§ What to work on:
The expected answer is a copy of every line in the listing that has the word "འཕགས".

§ Material provided:
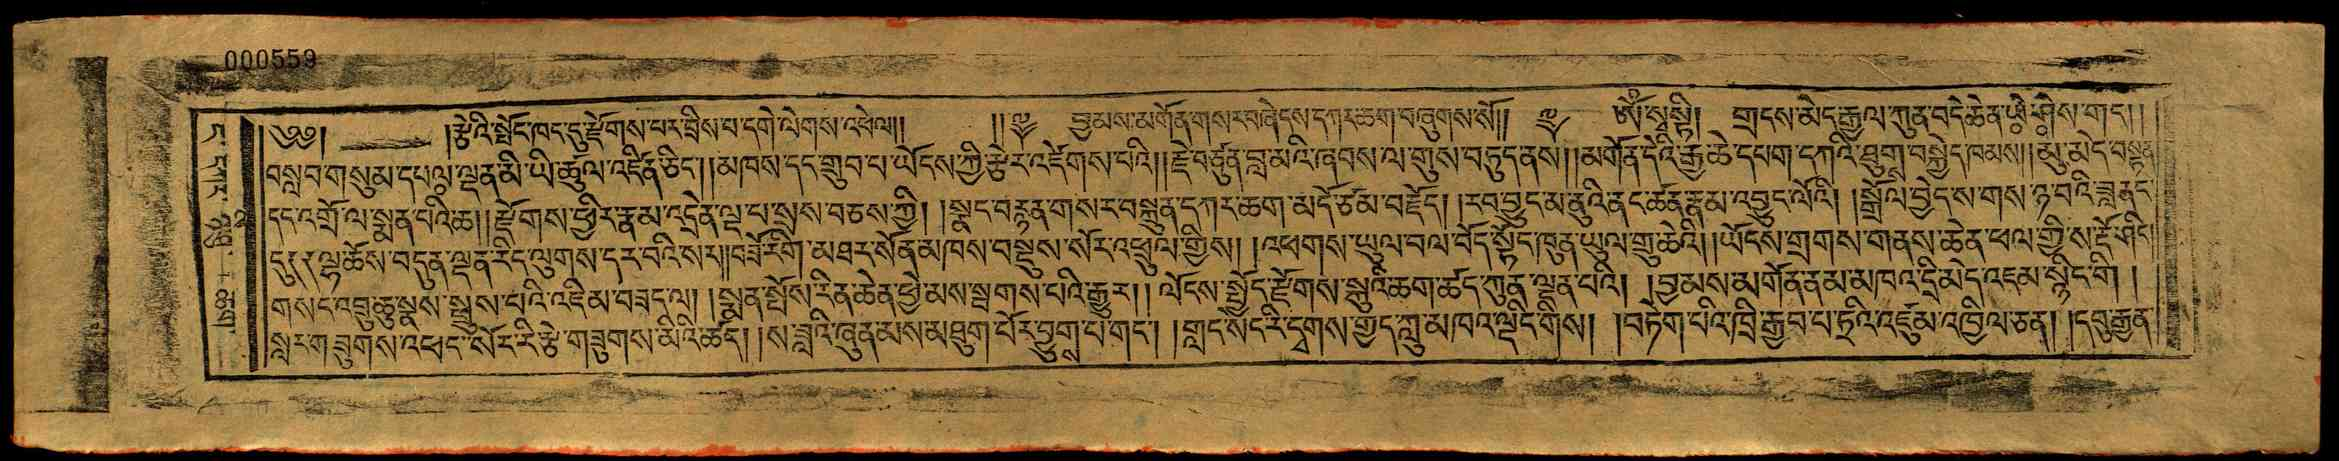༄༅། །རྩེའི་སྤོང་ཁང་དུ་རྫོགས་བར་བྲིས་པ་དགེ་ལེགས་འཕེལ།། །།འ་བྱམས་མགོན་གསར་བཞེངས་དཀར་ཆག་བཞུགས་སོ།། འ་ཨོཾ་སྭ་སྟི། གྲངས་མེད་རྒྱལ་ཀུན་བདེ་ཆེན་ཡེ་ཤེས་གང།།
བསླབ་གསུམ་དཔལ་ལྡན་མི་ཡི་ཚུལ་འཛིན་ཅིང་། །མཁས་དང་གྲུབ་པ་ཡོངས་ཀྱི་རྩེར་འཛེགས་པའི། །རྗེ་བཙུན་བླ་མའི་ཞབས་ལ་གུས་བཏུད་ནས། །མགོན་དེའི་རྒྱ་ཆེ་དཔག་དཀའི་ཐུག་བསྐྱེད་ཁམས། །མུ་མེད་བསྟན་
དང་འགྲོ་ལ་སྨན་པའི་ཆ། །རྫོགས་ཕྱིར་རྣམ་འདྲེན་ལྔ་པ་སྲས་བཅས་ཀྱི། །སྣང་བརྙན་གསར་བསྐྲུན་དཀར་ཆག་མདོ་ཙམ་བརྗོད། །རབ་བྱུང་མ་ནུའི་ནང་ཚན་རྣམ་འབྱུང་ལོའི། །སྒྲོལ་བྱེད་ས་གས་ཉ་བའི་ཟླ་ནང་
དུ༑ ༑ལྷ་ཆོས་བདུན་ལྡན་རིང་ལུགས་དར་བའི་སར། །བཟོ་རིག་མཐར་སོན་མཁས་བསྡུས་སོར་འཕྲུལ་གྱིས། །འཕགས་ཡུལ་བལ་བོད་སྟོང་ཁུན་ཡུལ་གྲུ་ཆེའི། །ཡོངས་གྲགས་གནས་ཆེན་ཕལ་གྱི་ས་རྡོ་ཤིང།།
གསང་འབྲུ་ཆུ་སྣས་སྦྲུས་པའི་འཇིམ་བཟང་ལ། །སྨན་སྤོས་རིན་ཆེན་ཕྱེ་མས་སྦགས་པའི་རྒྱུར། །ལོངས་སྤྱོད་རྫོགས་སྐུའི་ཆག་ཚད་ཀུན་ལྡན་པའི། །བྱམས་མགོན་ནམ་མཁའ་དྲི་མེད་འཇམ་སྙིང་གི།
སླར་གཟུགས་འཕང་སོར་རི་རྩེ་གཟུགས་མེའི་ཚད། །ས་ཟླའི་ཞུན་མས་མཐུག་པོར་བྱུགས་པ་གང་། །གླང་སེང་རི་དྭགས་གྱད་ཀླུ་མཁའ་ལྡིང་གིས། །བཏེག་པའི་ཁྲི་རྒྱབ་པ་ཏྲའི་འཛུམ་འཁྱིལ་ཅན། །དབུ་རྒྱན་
---
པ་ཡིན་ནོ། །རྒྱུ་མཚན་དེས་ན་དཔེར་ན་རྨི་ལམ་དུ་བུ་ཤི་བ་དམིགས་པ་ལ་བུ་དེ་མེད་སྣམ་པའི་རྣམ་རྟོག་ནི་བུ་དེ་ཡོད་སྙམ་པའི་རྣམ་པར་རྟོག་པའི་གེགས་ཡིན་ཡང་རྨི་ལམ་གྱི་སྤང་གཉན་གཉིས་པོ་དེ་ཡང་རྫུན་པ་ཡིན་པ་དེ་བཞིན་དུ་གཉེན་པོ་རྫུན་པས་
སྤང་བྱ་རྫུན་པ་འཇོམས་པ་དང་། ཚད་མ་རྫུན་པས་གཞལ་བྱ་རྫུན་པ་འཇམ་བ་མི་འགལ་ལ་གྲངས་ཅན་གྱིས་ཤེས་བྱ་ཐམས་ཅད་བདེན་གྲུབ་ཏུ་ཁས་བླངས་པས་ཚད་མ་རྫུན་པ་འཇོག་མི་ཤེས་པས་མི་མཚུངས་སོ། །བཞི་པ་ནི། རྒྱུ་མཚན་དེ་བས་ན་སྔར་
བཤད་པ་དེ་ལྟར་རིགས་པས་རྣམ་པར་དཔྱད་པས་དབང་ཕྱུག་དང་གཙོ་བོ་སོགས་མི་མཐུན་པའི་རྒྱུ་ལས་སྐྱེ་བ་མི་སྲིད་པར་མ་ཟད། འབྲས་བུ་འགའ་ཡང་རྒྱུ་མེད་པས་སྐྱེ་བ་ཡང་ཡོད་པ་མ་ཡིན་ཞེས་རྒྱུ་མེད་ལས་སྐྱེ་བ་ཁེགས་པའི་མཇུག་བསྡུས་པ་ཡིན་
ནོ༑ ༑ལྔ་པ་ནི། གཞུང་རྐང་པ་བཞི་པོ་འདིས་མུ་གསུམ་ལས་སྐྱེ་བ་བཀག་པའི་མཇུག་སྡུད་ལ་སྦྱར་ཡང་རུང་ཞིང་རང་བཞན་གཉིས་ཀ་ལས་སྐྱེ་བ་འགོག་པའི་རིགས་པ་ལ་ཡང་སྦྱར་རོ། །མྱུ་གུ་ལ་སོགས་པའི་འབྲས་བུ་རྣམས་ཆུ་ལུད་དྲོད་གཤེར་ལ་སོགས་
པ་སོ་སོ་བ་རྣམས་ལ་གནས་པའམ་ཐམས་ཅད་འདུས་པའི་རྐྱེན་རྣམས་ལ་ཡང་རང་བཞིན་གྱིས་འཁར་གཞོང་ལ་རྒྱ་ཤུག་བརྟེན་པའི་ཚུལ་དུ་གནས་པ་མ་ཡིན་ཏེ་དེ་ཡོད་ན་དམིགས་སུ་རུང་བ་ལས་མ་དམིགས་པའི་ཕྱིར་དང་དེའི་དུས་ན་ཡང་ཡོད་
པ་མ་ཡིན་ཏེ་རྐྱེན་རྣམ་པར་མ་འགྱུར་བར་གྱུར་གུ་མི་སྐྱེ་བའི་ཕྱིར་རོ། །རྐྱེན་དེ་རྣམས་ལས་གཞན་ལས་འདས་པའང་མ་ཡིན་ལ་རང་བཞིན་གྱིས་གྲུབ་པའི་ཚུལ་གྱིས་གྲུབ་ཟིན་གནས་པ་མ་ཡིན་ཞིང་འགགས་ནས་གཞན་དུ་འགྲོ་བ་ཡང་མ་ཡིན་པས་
---
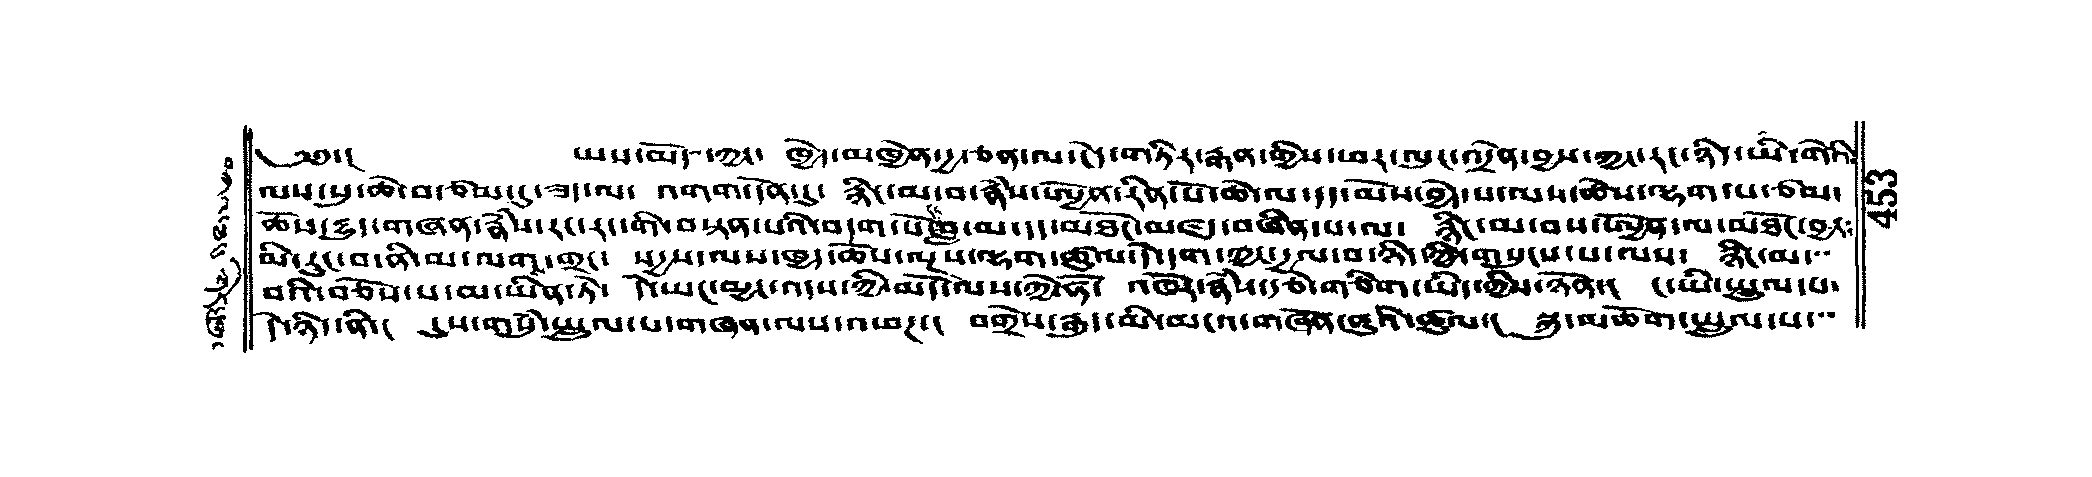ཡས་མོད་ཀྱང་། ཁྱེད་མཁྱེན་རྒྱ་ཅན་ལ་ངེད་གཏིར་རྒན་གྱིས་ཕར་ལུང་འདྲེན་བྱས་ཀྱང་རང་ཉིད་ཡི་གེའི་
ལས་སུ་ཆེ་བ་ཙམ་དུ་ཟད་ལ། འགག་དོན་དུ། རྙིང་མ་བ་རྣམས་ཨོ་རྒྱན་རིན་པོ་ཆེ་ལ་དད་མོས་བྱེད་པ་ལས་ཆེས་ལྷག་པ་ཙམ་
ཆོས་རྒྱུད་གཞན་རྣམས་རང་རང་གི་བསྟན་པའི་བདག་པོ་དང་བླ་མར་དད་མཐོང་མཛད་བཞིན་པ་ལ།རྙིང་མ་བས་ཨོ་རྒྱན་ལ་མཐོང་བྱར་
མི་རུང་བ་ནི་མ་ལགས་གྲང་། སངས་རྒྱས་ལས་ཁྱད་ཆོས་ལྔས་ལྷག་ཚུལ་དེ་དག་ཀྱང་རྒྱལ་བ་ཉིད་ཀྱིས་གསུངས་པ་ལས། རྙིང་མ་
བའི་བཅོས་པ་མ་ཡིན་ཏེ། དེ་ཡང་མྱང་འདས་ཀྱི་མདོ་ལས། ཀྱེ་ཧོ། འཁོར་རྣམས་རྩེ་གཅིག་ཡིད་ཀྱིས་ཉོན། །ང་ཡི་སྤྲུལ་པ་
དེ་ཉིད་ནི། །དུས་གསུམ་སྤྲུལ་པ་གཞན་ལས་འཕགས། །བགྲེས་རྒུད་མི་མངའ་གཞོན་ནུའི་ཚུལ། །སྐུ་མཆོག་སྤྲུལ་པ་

§ Result of this exercise:
དུ༑ ༑ལྷ་ཆོས་བདུན་ལྡན་རིང་ལུགས་དར་བའི་སར། །བཟོ་རིག་མཐར་སོན་མཁས་བསྡུས་སོར་འཕྲུལ་གྱིས། །འཕགས་ཡུལ་བལ་བོད་སྟོང་ཁུན་ཡུལ་གྲུ་ཆེའི། །ཡོངས་གྲགས་གནས་ཆེན་ཕལ་གྱི་ས་རྡོ་ཤིང།།
དེ་ཉིད་ནི། །དུས་གསུམ་སྤྲུལ་པ་གཞན་ལས་འཕགས། །བགྲེས་རྒུད་མི་མངའ་གཞོན་ནུའི་ཚུལ། །སྐུ་མཆོག་སྤྲུལ་པ་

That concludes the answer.